▶ [WHAT THE EXERCISE ASKS]
Below, locate the line that contains "The image shows 23". Repeat exactly from that line to the line that contains "Baseline-to-baseline distance is", inclusive, leaving out the pictures.

▶ [PROVIDED RECORDS]
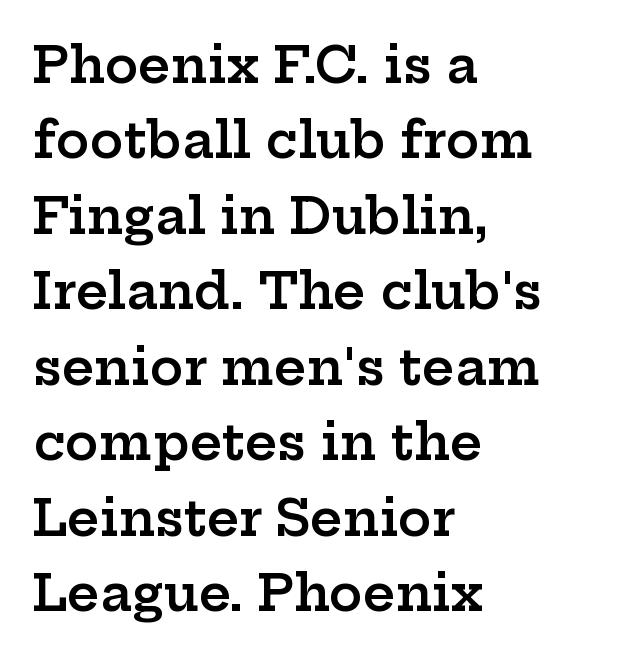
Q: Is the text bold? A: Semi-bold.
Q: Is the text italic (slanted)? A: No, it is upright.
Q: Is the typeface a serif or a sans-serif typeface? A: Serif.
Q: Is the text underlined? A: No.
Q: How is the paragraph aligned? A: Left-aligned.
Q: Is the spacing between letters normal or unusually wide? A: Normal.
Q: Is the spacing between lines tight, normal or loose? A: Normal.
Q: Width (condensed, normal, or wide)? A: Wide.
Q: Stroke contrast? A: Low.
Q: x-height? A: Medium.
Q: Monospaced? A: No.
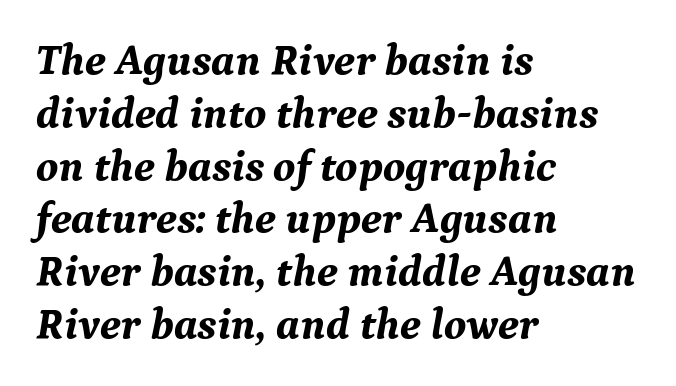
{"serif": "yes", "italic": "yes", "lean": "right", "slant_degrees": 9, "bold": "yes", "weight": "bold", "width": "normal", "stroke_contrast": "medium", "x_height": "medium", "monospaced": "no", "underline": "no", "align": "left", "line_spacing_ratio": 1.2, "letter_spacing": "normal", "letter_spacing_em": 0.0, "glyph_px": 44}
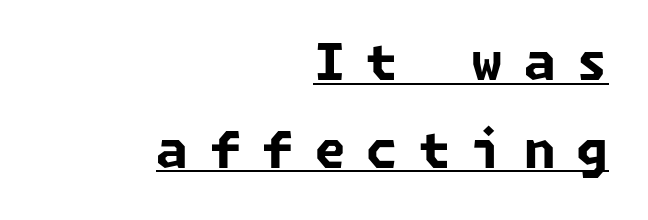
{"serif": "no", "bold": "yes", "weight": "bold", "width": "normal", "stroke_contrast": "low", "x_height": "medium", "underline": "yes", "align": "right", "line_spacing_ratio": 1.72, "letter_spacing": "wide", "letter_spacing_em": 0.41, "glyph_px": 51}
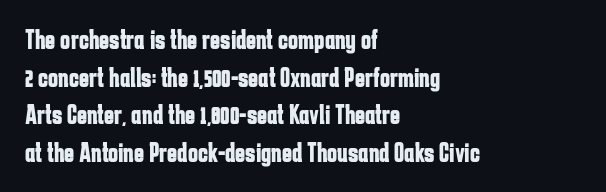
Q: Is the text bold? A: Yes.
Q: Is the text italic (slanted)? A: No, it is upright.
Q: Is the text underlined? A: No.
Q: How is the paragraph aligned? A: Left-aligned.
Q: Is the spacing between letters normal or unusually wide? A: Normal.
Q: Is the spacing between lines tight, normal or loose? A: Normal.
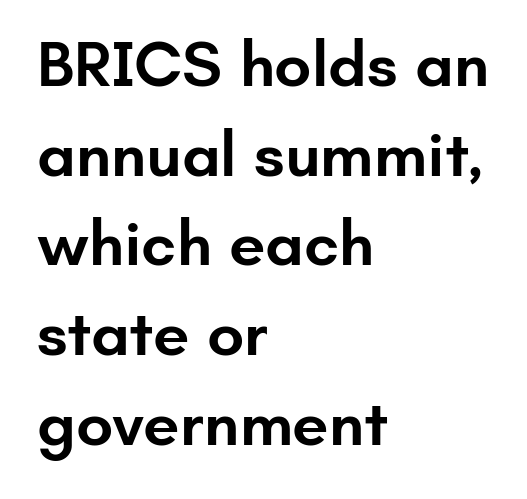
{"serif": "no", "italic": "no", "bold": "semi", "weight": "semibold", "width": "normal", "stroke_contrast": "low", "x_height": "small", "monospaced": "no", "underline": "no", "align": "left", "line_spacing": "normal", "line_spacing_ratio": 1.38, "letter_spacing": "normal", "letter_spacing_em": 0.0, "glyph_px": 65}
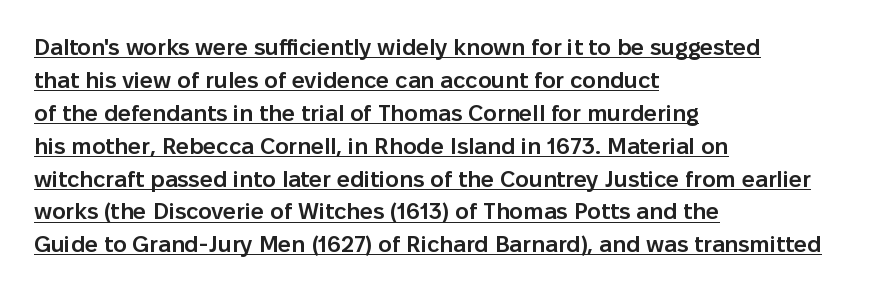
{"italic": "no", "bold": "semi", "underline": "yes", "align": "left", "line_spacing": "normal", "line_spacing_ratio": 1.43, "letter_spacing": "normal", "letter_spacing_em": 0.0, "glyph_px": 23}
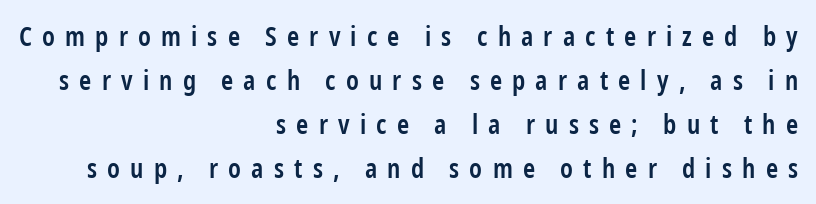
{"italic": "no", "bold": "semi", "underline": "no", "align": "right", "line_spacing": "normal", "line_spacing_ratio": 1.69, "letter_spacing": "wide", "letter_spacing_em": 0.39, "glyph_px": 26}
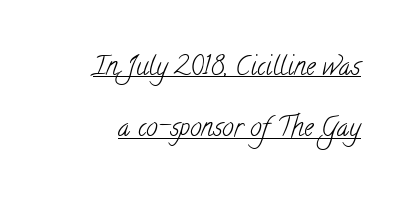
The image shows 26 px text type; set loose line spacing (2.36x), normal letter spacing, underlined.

* * *

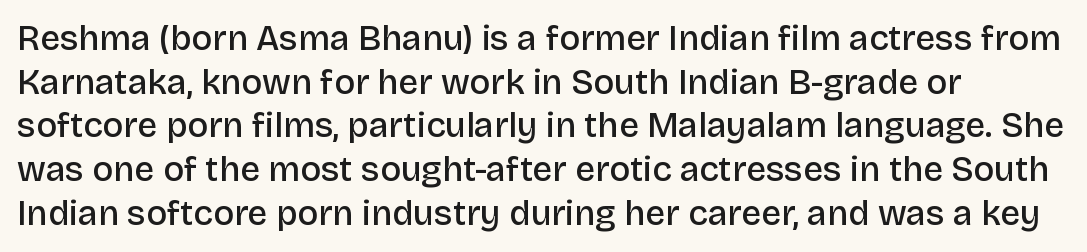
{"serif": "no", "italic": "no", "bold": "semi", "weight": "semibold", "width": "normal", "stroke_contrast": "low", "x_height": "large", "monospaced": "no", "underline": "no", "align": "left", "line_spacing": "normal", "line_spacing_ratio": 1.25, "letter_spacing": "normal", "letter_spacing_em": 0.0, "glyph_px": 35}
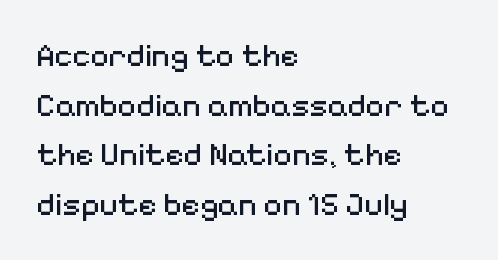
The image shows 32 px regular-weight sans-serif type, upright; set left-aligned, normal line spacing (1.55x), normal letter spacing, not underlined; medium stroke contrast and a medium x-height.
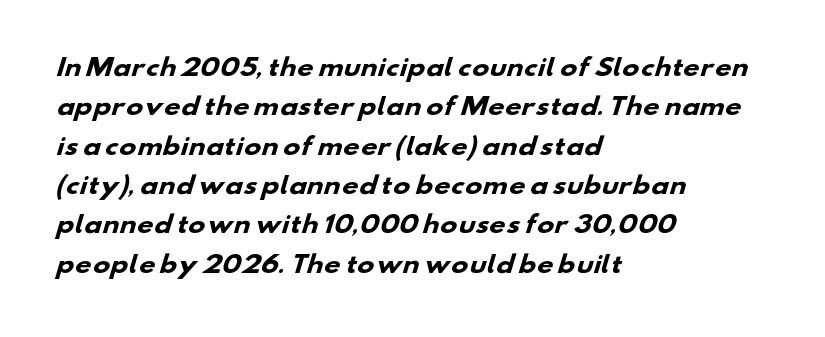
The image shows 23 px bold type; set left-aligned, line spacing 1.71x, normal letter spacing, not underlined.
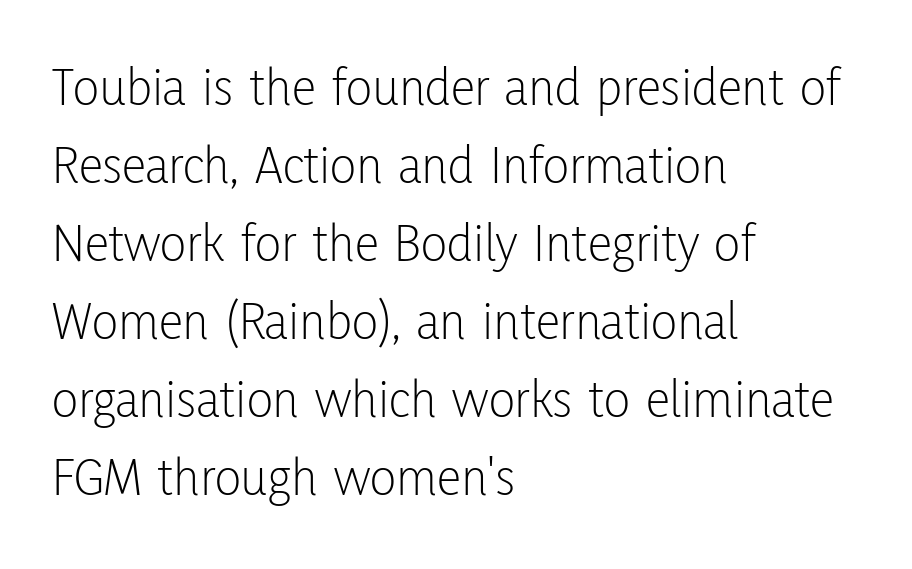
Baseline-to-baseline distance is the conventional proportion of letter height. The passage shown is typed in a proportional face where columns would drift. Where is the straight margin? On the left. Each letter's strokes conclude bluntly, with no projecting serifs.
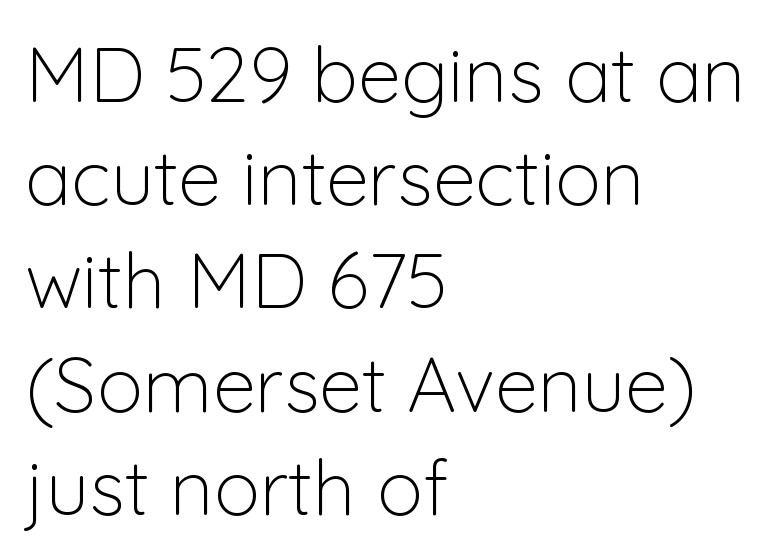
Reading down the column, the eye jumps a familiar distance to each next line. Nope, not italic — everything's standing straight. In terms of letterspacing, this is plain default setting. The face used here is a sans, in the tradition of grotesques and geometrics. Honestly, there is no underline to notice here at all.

▶ [FINAL ANSWER]
The image shows 23 px bold type; set left-aligned, line spacing 1.71x, normal letter spacing, not underlined.
Baseline-to-baseline distance is the conventional proportion of letter height. The passage shown is typed in a proportional face where columns would drift. Where is the straight margin? On the left. Each letter's strokes conclude bluntly, with no projecting serifs.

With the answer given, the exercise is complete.